Protein was extracted from cultured cells or frozen liver samples. A total of 30‐ or 80‐ng protein was loaded onto 7.5%, 10%, and 12.5% SDS‐polyacrylamide gels, and the separated proteins were transferred to PVDF or NC membranes. The membranes were incubated overnight at 4°C with primary antibodies (listed in Table 1) followed by an incubation with a secondary antibody(1:2,000). Finally, the blots were scanned using an Odyssey two‐colour infrared laser imaging system (Li‐Cor, Lincoln, NE, USA).
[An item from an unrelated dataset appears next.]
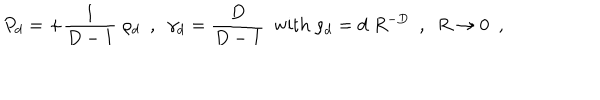
P _ { d } = + { \frac { 1 } { D - 1 } } \; \rho _ { d } ~ ~ , ~ ~ \gamma _ { d } = { \frac { D } { D - 1 } } ~ ~ \mathrm { w i t h ~ } \rho _ { d } = d \; R ^ { - D } ~ ~ , ~ ~ R \to 0 ~ ~ ,

2.18. Co‐immunoprecipitation assay

Cells were seeded into 10‐cm dishes and then treated with FFA and astaxanthin for 48 h. A co‐immunoprecipitation (Co‐IP) assay was performed using a Pierce Co‐immunoprecipitation Kit (Thermo Scientific, Waltham, MA, USA) according to the manufacturer's protocol. Primary antibodies used are listed in Table 1. The IP antibody against FGF21 was from Santa Cruz (sc‐81946, RRID:AB_2104609).

2.19. Electron microscopy

After prefixing, the tissues were washed six times with potassium phosphate (0.1 M, pH 7.4) and then fixed with 2% osmium tetroxide. Samples were then dehydrated and embedded with pure epoxy resin. Mitochondria were observed by electron microscopy (JEM‐1230 from JEOL, Tokyo, Japan). Images were acquired and handled with the Image J analysis software.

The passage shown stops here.